The ocean takes up a large amount of the human-induced carbon dioxide in the atmosphere. This uptake changes the acidity level of sea water and the concentration of carbon ions which are necessary for calcium carbonate formation.
Calcium carbonate is found in the skeletons, or protective shells, of crustaceans, corals, snails, single-celled organisms, and bivalves. Decreasing concentrations of carbonate ions could negatively affect marine living conditions with still unknown implications for the oceanic food chain. In an extreme case, the carbonate shells of organisms could simply dissolve like lime scales treated with acidic cleaning agents in the bathroom.

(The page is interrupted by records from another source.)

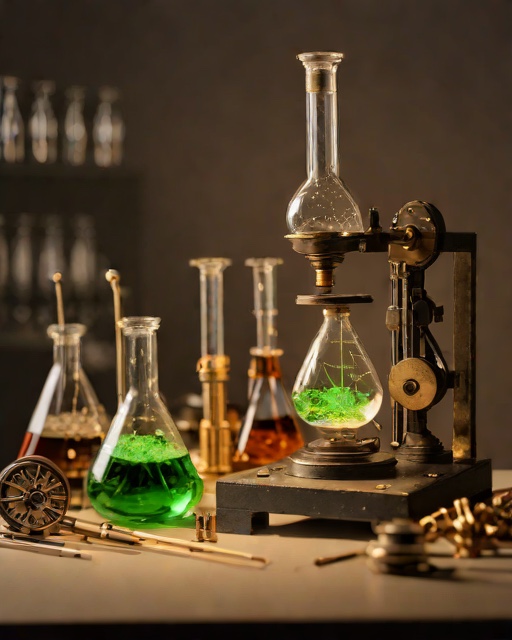
Category: Graduation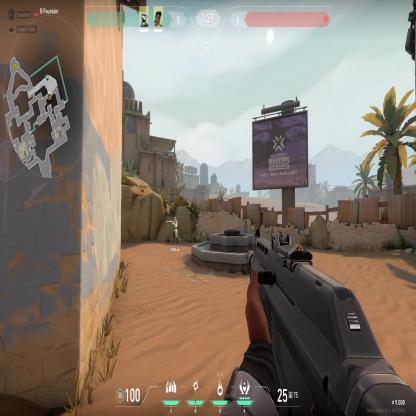
Label: teammate
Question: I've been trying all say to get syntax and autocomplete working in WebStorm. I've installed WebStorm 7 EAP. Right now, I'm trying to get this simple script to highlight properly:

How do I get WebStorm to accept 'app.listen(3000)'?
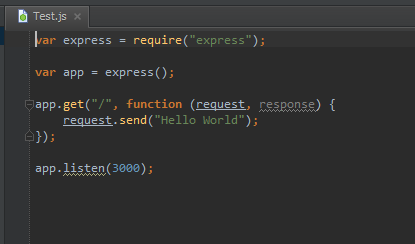
Answer: I think the best solution which became available in one of the recent EAPs is to download library via . Select there and add . TypeScript library file will improve completion and highlighting in pure JavaScript project. Also please see <URL>.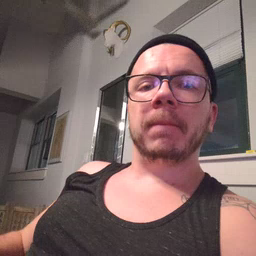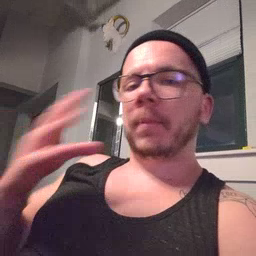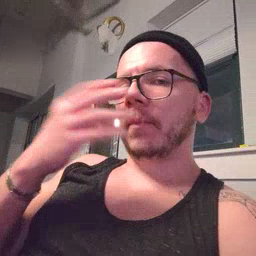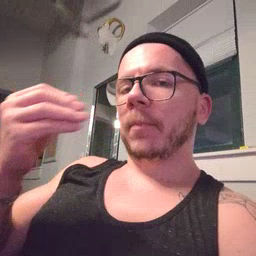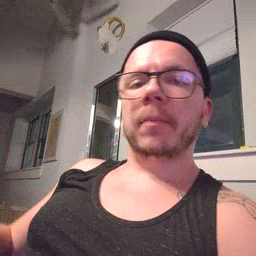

The visualization shows the MPI-ESM simulation of carbonate saturation for calcite based on the pessimistic RCP8.5 scenario. The oversaturated water represented in red allows many oceanic life forms to build calcium carbonate skeletons and shells. The deep Pacific is the only area which holds undersaturated water. The situation undergoes drastic changes throughout the simulation, by the end of which, near 2300, one can see an overall large decrease in carbonate saturation; large areas from the middle latitudes to the pole regions are dominated by undersaturated water.
The graph on the right shows, for the time period from 1850 to 2300 and the scenarios RCP2.6, RCP4.5, and RCP8.5, the development of the global mean surface sea water saturation (Omega) for calcium carbonate (CaCO3). In the case of the pessimistic scenario RCP8.5, a strong decrease in the availability of calcite is simulated, while both other experiments result in less dramtic consequences. A moderate decrease in omega is simulated for he RPC4.5-simulation, followed by a stabilization at a value of about 3.8 until 2100. For RCP2.6, the calcite saturation state stabilizes earlier and then slowly recovers and returns to today's value until 2300.